In their original complaint filed in November 2022, two developers, J. Doe 1 and J. Doe 2, alleged that Copilot and Codex, two AI products designed to generate computer code in response to text prompts, were trained on the plaintiffs’ copyrighted computer code in violation of their rights. The original complaint named as defendants GitHub (an open-source platform owned by Microsoft that the plaintiffs use to publish the code at issue and that distributes Copilot); Microsoft (as the owner of GitHub); and various OpenAI entities that programmed, trained and maintain Codex. Because the plaintiffs’ code was freely available under broad open-source licenses, they could not allege some of the direct copyright infringement claims raised in other training data cases. Rather, the plaintiffs’ complaint centered on other claims, including:

  • Violation of the Digital Millennium Copyright Act (DMCA), for removal or alteration of copyright management information (CMI) from the plaintiffs’ code.
  • Breach of contract, because the applicable open-source licenses required a statement of attribution, among other things, that were not included in the models or their outputs.
  • Violation of the California Consumer Privacy Act.
  • Tortious interference in the plaintiffs’ contractual relationships.

The defendants moved to dismiss the complaint.1

First Motion To Dismiss Decision

In its May 2023 ruling on the defendants’ motions to dismiss, a California district court addressed various issues including Article III standing requirements, the use of pseudonyms by the plaintiffs — who did not want to be named for fear about their personal safety, copyright preemption, civil conspiracy, and removal and alteration of CMI under the DMCA. Notably, the court found that while the plaintiffs had standing to seek injunctive relief because they sufficiently alleged that without an injunction there would be a substantial risk that their code would be reproduced in Codex and Copilot’s future outputs, the plaintiffs did not have standing to seek monetary damages because the developers had failed to demonstrate that Copilot’s output reproduced their code. In other words, the plaintiffs did not allege that “they themselves have suffered the injury they describe[d].” Additionally, regarding the plaintiffs’ claims under Section 1202(b) of the DMCA, which restricts the removal or alteration of CMI, the court found that the plaintiffs properly alleged that the defendants intentionally designed their programs to remove CMI from the output and that the plaintiffs raised a “reasonable inference that [d]efendants knew or had reasonable grounds to know that removal of CMI carried a substantial risk of inducing infringement.” The defendants’ motions to dismiss with respect to DMCA Section 1202(b) claims were denied in part and granted in part with leave to amend.2

First Amended Complaint

Following the court’s ruling, the plaintiffs filed a first amended complaint, which generally tracked the original complaint with some modifications, including adding a fifth plaintiff, J. Doe 5, who similarly owned a copyright interest in code that was allegedly ingested, copied and reproduced by Copilot. To address the court’s ruling on the defendants’ motions to dismiss, the plaintiffs also added specific examples in which Copilot output the code of certain plaintiffs essentially verbatim or in a modified format “that contains only semantically insignificant variations” or a “modified copy that recreates the same algorithm.” The defendants once again moved to dismiss portions of the plaintiffs’ first amended complaint and the court issued its ruling on the defendants’ motions in January 2024. 

The Court’s Ruling

As the court did with the defendants’ first motions to dismiss, the court denied the defendants’ motions to dismiss in part and granted them in part.

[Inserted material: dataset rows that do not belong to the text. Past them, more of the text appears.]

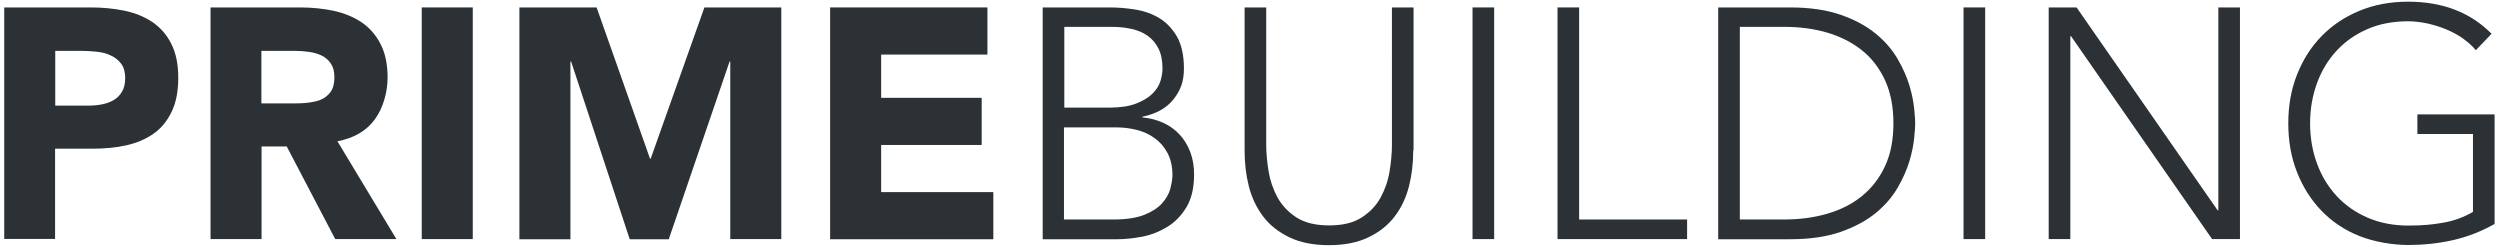 <?xml version="1.0" encoding="UTF-8"?>
<svg id="Ebene_1" xmlns="http://www.w3.org/2000/svg" version="1.1" viewBox="0 0 1479.6 146">
  <!-- Generator: Adobe Illustrator 29.3.1, SVG Export Plug-In . SVG Version: 2.1.0 Build 151)  -->
  <defs>
    <style>
      .st0 {
        fill: #2c3136;
      }
    </style>
  </defs>
  <path class="st0" d="M2.5,4.4h50.9c7.1,0,13.8.6,20.1,1.9,6.3,1.3,11.8,3.5,16.6,6.7,4.7,3.2,8.5,7.4,11.2,12.8,2.8,5.4,4.2,12.1,4.2,20.2s-1.3,14.7-3.9,20.1-6.1,9.8-10.7,13c-4.5,3.2-9.9,5.5-16.1,6.9-6.2,1.4-12.9,2-20.1,2h-22.1v53.4H2.5V4.4ZM32.8,62.5h20.1c2.7,0,5.3-.3,7.8-.8,2.5-.5,4.8-1.4,6.8-2.6,2-1.2,3.6-2.9,4.8-5,1.2-2.1,1.8-4.8,1.8-8s-.8-6.3-2.4-8.4-3.7-3.8-6.2-4.9c-2.5-1.2-5.3-1.9-8.4-2.2-3.1-.3-6.1-.5-8.9-.5h-15.5v32.5Z"/>
  <path class="st0" d="M124.6,4.4h53.1c7,0,13.6.7,19.8,2,6.3,1.4,11.7,3.6,16.5,6.8,4.7,3.2,8.4,7.4,11.2,12.8,2.8,5.4,4.2,12,4.2,20s-2.5,17.9-7.6,24.7c-5,6.8-12.4,11.1-22.1,12.9l34.9,57.9h-36.2l-28.7-54.8h-14.9v54.8h-30.2V4.4ZM154.8,61.2h17.8c2.7,0,5.6,0,8.6-.3s5.8-.8,8.2-1.7,4.5-2.5,6.1-4.6c1.6-2.1,2.4-5,2.4-8.7s-.7-6.3-2.1-8.3c-1.4-2.1-3.2-3.6-5.4-4.7s-4.7-1.8-7.6-2.2-5.6-.6-8.3-.6h-19.8v31.2Z"/>
  <path class="st0" d="M249.6,4.4h30.2v137.1h-30.2V4.4Z"/>
  <path class="st0" d="M307.4,4.4h45.7l31.6,89.5h.4l31.8-89.5h45.5v137.1h-30.2V36.4h-.4l-36,105.2h-23.1l-34.7-105.2h-.4v105.2h-30.2V4.4Z"/>
  <path class="st0" d="M491.3,4.4h93.1v27.9h-62.9v25.6h59.5v27.9h-59.5v27.9h66.4v27.9h-96.6V4.4Z"/>
  <path class="st0" d="M617,4.4h39.5c5.2,0,10.4.4,15.7,1.3s10,2.6,14.2,5.2c4.2,2.6,7.6,6.3,10.3,11,2.6,4.7,4,10.9,4,18.7s-2.1,13-6.2,18.2c-4.1,5.2-10.3,8.6-18.4,10.3v.4c4.5.4,8.6,1.5,12.4,3.2,3.7,1.7,7,4.1,9.7,7s4.8,6.4,6.3,10.4c1.5,4,2.2,8.4,2.2,13.2,0,7.9-1.5,14.3-4.5,19.3-3,5-6.8,8.9-11.4,11.7-4.6,2.8-9.6,4.8-14.9,5.8-5.4,1-10.4,1.5-15,1.5h-43.8V4.4ZM629.8,63.7h26.5c6.6,0,11.9-.8,16.1-2.4,4.1-1.6,7.4-3.6,9.7-5.9s3.9-4.8,4.7-7.5c.8-2.6,1.2-5.1,1.2-7.3,0-4.8-.8-8.8-2.4-11.9-1.6-3.2-3.8-5.7-6.5-7.6s-5.9-3.2-9.5-4c-3.6-.8-7.4-1.2-11.4-1.2h-28.3v47.6ZM629.8,129.9h29.2c7.5,0,13.5-.9,18.1-2.7,4.6-1.8,8.1-4.1,10.6-6.8,2.4-2.7,4.1-5.6,4.9-8.6.8-3,1.3-5.8,1.3-8.2,0-5-1-9.4-2.9-13-1.9-3.6-4.5-6.6-7.6-8.8-3.1-2.3-6.6-3.9-10.6-4.9-3.9-1-7.9-1.5-11.9-1.5h-31.2v54.6Z"/>
  <path class="st0" d="M836.4,89.1c0,7.4-.8,14.4-2.5,21.1s-4.5,12.7-8.4,17.8c-3.9,5.2-9.1,9.3-15.5,12.4-6.4,3.1-14.2,4.7-23.5,4.7s-17.1-1.6-23.5-4.7c-6.4-3.1-11.6-7.2-15.5-12.4-3.9-5.2-6.7-11.1-8.4-17.8s-2.5-13.7-2.5-21.1V4.4h12.8v81.3c0,4.9.5,10.1,1.4,15.7.9,5.5,2.7,10.7,5.3,15.5,2.7,4.8,6.4,8.7,11.2,11.8,4.8,3.1,11.3,4.7,19.3,4.7s14.4-1.5,19.3-4.7c4.8-3.1,8.6-7,11.2-11.8,2.6-4.8,4.4-9.9,5.3-15.5.9-5.5,1.4-10.8,1.4-15.7V4.4h12.8v84.6Z"/>
  <path class="st0" d="M871.5,4.4h12.8v137.1h-12.8V4.4Z"/>
  <path class="st0" d="M921.8,4.4h12.8v125.5h63.9v11.6h-76.7V4.4Z"/>
  <path class="st0" d="M1016.9,4.4h42.4c11.9,0,21.9,1.5,30.2,4.4,8.3,2.9,15.1,6.6,20.6,11.1,5.5,4.5,9.8,9.5,13,15,3.2,5.5,5.5,10.8,7,15.8,1.5,5,2.4,9.6,2.8,13.7.4,4.1.6,6.9.6,8.6s-.2,4.6-.6,8.6c-.4,4.1-1.3,8.6-2.8,13.7-1.5,5-3.8,10.3-7,15.8-3.2,5.5-7.5,10.5-13,15-5.5,4.5-12.4,8.2-20.6,11.1-8.3,2.9-18.3,4.4-30.2,4.4h-42.4V4.4ZM1029.7,129.9h26.3c9,0,17.5-1.1,25.4-3.4,7.9-2.3,14.7-5.7,20.5-10.4s10.4-10.6,13.7-17.7c3.4-7.2,5-15.7,5-25.5s-1.7-18.3-5-25.5c-3.4-7.2-7.9-13.1-13.7-17.7-5.8-4.6-12.7-8.1-20.5-10.4-7.9-2.3-16.3-3.4-25.4-3.4h-26.3v113.9Z"/>
  <path class="st0" d="M1162.1,4.4h12.8v137.1h-12.8V4.4Z"/>
  <path class="st0" d="M1212.5,4.4h16.5l83.5,120.1h.4V4.4h12.8v137.1h-16.5l-83.5-120.1h-.4v120.1h-12.8V4.4Z"/>
  <path class="st0" d="M1476.3,132.6c-8,4.5-16.3,7.7-24.9,9.6-8.6,1.9-17.3,2.8-26.2,2.8s-20-1.8-28.8-5.3-16.2-8.5-22.4-14.9c-6.2-6.4-11-14-14.5-22.8-3.5-8.8-5.2-18.5-5.2-29s1.7-20.1,5.2-28.9c3.5-8.8,8.3-16.4,14.5-22.7,6.2-6.4,13.7-11.4,22.4-15s18.3-5.4,28.8-5.4c20.4,0,36.9,6.3,49.4,19l-9.3,9.7c-2.1-2.5-4.6-4.7-7.6-6.9-3-2.1-6.3-3.9-9.9-5.4-3.6-1.5-7.3-2.6-11.1-3.5-3.9-.8-7.7-1.3-11.4-1.3-8.9,0-17,1.5-24.1,4.6-7.2,3.1-13.3,7.4-18.3,12.8-5,5.4-8.9,11.8-11.6,19.2-2.7,7.4-4.1,15.3-4.1,23.8s1.4,16.5,4.1,23.8c2.7,7.4,6.6,13.7,11.6,19.2,5,5.4,11.1,9.7,18.3,12.8,7.2,3.1,15.2,4.7,24.1,4.7s14.3-.6,20.7-1.7,12.3-3.3,17.6-6.4v-46.1h-32.9v-11.6h45.7v65.1Z"/>
</svg>

The court reached the following key conclusions:

  • Regarding Article III standing violations: The court found that by including examples in which Copilot generated as output code owned by Does 1, 2 and 5 in the first amended complaint, Does 1, 2 and 5 adequately alleged “particular personalized injury” to confer standing for monetary damages, so the court denied the defendants’ motions to dismiss the plaintiffs’ claims for damages due to lack of standing with respect to these three plaintiffs.3 The court rejected the defendants’ argument that a plaintiff’s own actions (i.e., inputting their own code to demonstrate output) cannot be used to demonstrate injury, stating that “a plaintiff is not required to suffer an injury only inadvertently.” The court also rejected the defendants’ argument that the plaintiffs had failed to allege that users would seek to copy the developers’ code. The court noted that for purposes of seeking standing for monetary damages, Article III does not require plaintiffs to demonstrate that users would want to reproduce their code or that users have entered or would be likely to enter the same prompts used in the plaintiffs’ examples. The court suggested that these arguments more properly addressed the question of the amount of damages the plaintiffs had suffered.
  • Regarding DMCA Section 1202(b) infringements: While the court previously denied the defendants’ motions to dismiss plaintiffs’ claims under Sections 1202(b)(1) and 1202(b)(3) of the DMCA, the defendants specifically asked the court to address an argument made in prior filings: “‘[Section] 1202(b) claims lie only when CMI is removed or altered from an identical copy of a copyrighted work.’” The court agreed that Section 1202(b) has an identicality requirement and thus agreed with the defendants’ argument that because the plaintiffs acknowledged that Copilot’s output is more often a modification than a verbatim copy of the original code, the plaintiffs “effectively pleaded themselves out of their Section 1202(b)(1) and 1202(b)(3) claims.” The court therefore granted the defendants’ motions to dismiss the plaintiffs’ claims under Sections 1202(b)(1) and 1202(b)(3) of the DMCA. While the court found it “unlikely that this deficiency could be cured,” the court granted the plaintiffs leave to amend “out of abundance of caution.” 
  • Regarding other claims: The court granted the defendants’ motions to dismiss the plaintiffs’ various state law claims, such as intentional and negligent interference with prospective economic relations, unjust enrichment, negligence and unfair competition on preemption grounds. While the plaintiffs tried to creatively recharacterize their claims, the court ultimately found that the core of the claims fell under the purview of the Copyright Act and did not include an “extra element” required to avoid preemption. The court dismissed these claims with prejudice.4

Takeaway Points 

As the number of lawsuits against AI developers and platforms continues to increase, the court’s ruling on the defendants’ motions to dismiss offers further insight into how courts may address certain issues related to training AI models using copyrighted materials:

  • Actual examples of reproducing content are compelling. The court was more persuaded, at least in the context of denying a motion to dismiss, by actual examples of the alleged reproduction of training data than by abstract arguments that this reproduction might occur.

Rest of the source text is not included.